_Work request_. For this task, copy all of the data below exactly and skip the pictures.

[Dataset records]
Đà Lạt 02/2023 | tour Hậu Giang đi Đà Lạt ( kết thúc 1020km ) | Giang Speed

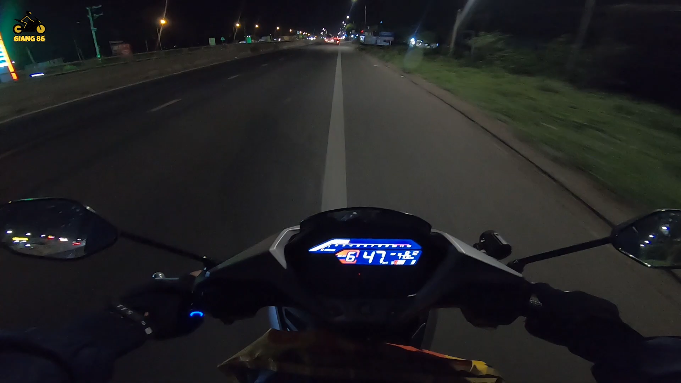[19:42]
Mình về tới ngã ba Dầu Giây là 8:12 rồi các bạn ơi. Giờ Thành nó ở phía sau lưng mình, nó đang chạy từ, đợi nó lên kiếm chỗ nào ghé nghỉ mệt chút xíu thôi. Cũng khá là phê rồi các bạn. Phía trước là ngã ba Dầu Giây đó.
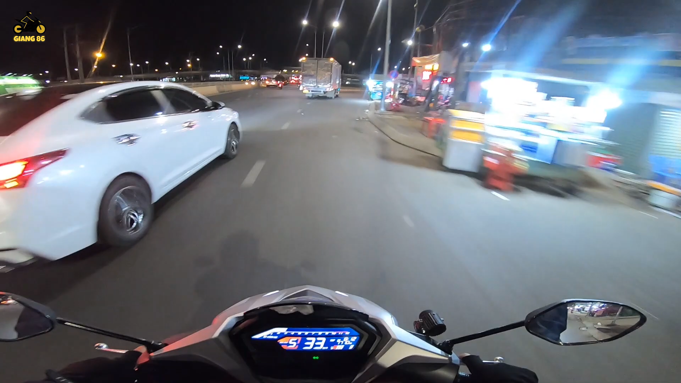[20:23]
Dây cũng mừng người các bạn, cũng gần nửa đoạn đường rồi, gần nửa đoạn đường về nhà mình nè. Trời nãy không ghé đây uổng quá. Tới miếng
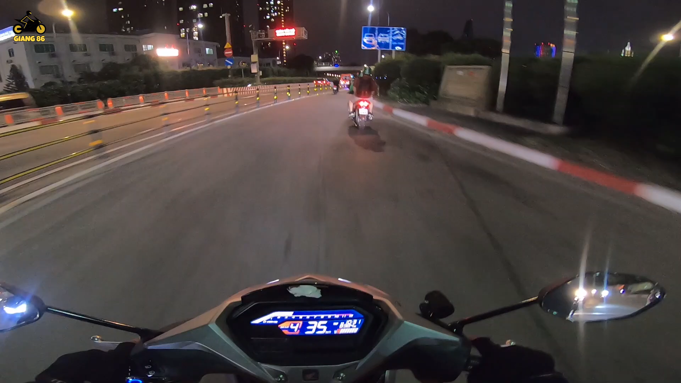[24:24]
Mình về tới hầm Thủ Thiêm là 10:31 rồi các bạn, vừa kịp giờ qua hầm Thủ Thiêm luôn nè. Sớm, nói chung là về tới sớm được nửa tiếng, 11 giờ thì hầm Thủ Thiêm không có cho xe gắn máy qua nữa các bạn.
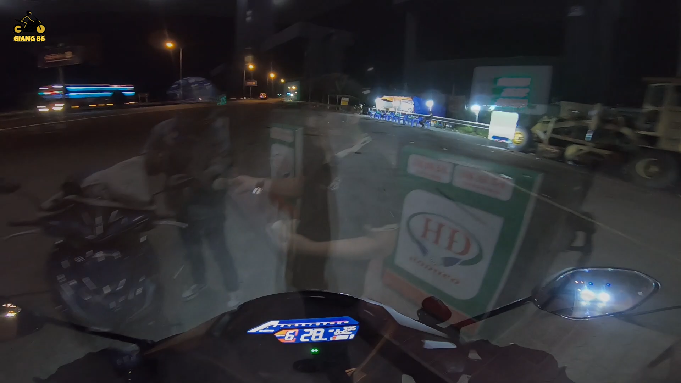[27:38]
Về tới Cần Thơ rồi các bạn ơi. Về tới Cần Thơ là 3:05 nữa các bạn. Có đèn đây mà nó cũng tắt nữa trời.

_Answer to this problem_.
Đà Lạt 02/2023 | tour Hậu Giang đi Đà Lạt ( kết thúc 1020km ) | Giang Speed

[19:42]
Mình về tới ngã ba Dầu Giây là 8:12 rồi các bạn ơi. Giờ Thành nó ở phía sau lưng mình, nó đang chạy từ, đợi nó lên kiếm chỗ nào ghé nghỉ mệt chút xíu thôi. Cũng khá là phê rồi các bạn. Phía trước là ngã ba Dầu Giây đó.
[20:23]
Dây cũng mừng người các bạn, cũng gần nửa đoạn đường rồi, gần nửa đoạn đường về nhà mình nè. Trời nãy không ghé đây uổng quá. Tới miếng
[24:24]
Mình về tới hầm Thủ Thiêm là 10:31 rồi các bạn, vừa kịp giờ qua hầm Thủ Thiêm luôn nè. Sớm, nói chung là về tới sớm được nửa tiếng, 11 giờ thì hầm Thủ Thiêm không có cho xe gắn máy qua nữa các bạn.
[27:38]
Về tới Cần Thơ rồi các bạn ơi. Về tới Cần Thơ là 3:05 nữa các bạn. Có đèn đây mà nó cũng tắt nữa trời.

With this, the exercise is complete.